What's more, says Waite, the recently and not-so-recently divorced women were more likely than the marrieds to be depressed, anxious, and to feel less satisfied with their life and health overall. And there's every reason to believe that these findings would hold true for men, she tells WebMD.

Still, getting divorced does not necessarily mean that you will become ill. "These are tendencies, not absolutes," says Waite. "Not everybody is going to have these consequences."

One of the best things a divorced person can do to increase his or her overall health is to find someone -- whether a counselor, a friend, a parent, or a support group -- to confide in. Being able to openly discuss problems and feelings with someone who'll listen is critical to remaining healthy, says Waite.

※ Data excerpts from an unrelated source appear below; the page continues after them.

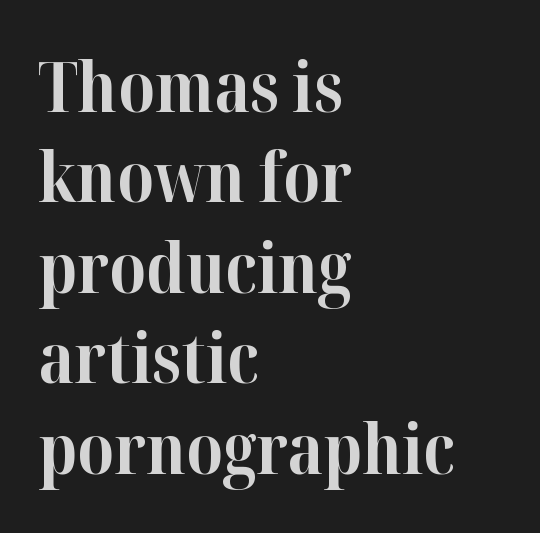
Q: Is the text bold? A: Yes.
Q: Is the text italic (slanted)? A: No, it is upright.
Q: Is the typeface a serif or a sans-serif typeface? A: Serif.
Q: Is the text underlined? A: No.
Q: How is the paragraph aligned? A: Left-aligned.
Q: Is the spacing between letters normal or unusually wide? A: Normal.
Q: Is the spacing between lines tight, normal or loose? A: Normal.
Q: Width (condensed, normal, or wide)? A: Normal.
Q: Stroke contrast? A: High.
Q: x-height? A: Medium.
Q: Monospaced? A: No.
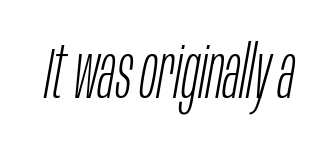
Observe the lean: these are italic letterforms. Stroke mass is kept to a normal reading level or below. This sample has the flowing, uneven cadence of proportional lettering. Short note: letters normally spaced. This rendering features lettering with no underline.
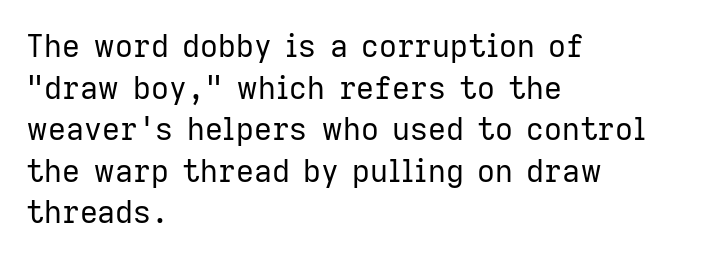
Here the glyphs are tracked normally, forming tight word shapes. Successive baselines arrive at the customary interval. The rendering uses natural spacing where letterforms have individual widths. Reading down the block, your eye returns to a fixed left position each line.
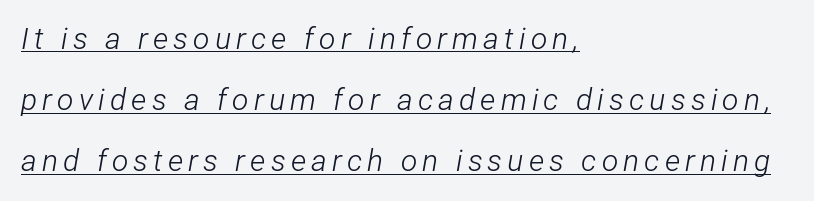
The image shows 30 px light, condensed type, italic (leaning right); set left-aligned, loose line spacing (2.04x), underlined; low stroke contrast and a medium x-height.
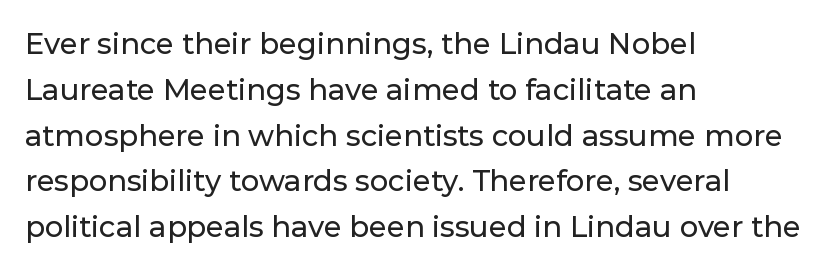
{"serif": "no", "italic": "no", "width": "normal", "stroke_contrast": "low", "x_height": "medium", "monospaced": "no", "underline": "no", "align": "left", "line_spacing": "normal", "line_spacing_ratio": 1.58, "letter_spacing": "normal", "letter_spacing_em": 0.0, "glyph_px": 29}
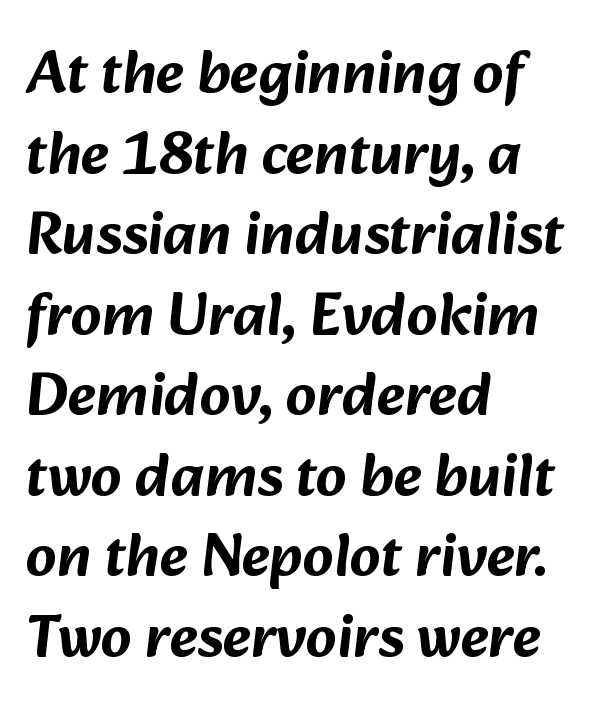
The image shows 61 px sans-serif type; set left-aligned, normal line spacing (1.32x), normal letter spacing, not underlined; low stroke contrast and a medium x-height.
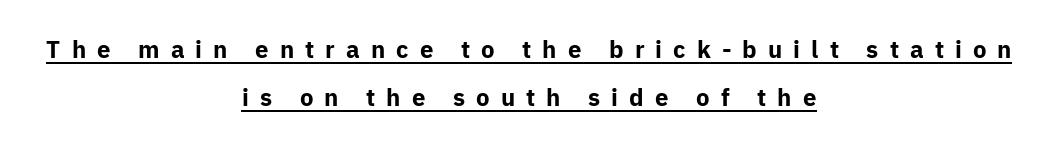
{"italic": "no", "bold": "yes", "underline": "yes", "align": "center", "line_spacing": "loose", "line_spacing_ratio": 1.98, "letter_spacing": "wide", "letter_spacing_em": 0.46, "glyph_px": 24}

Of course there is never a guarantee when you say, "I do," but if you'd like to improve your odds against the heartache and health risks of divorce, keep this in mind: "The older you are at [the time of] marriage, the more likely your marriage will last," says Bramlett. "And being younger may help you get remarried, but it doesn't help you stay remarried."

Bramlett tells WebMD that a follow-up CDC study now under way, which includes men, may help clarify the reasons behind these significant differences in marital success.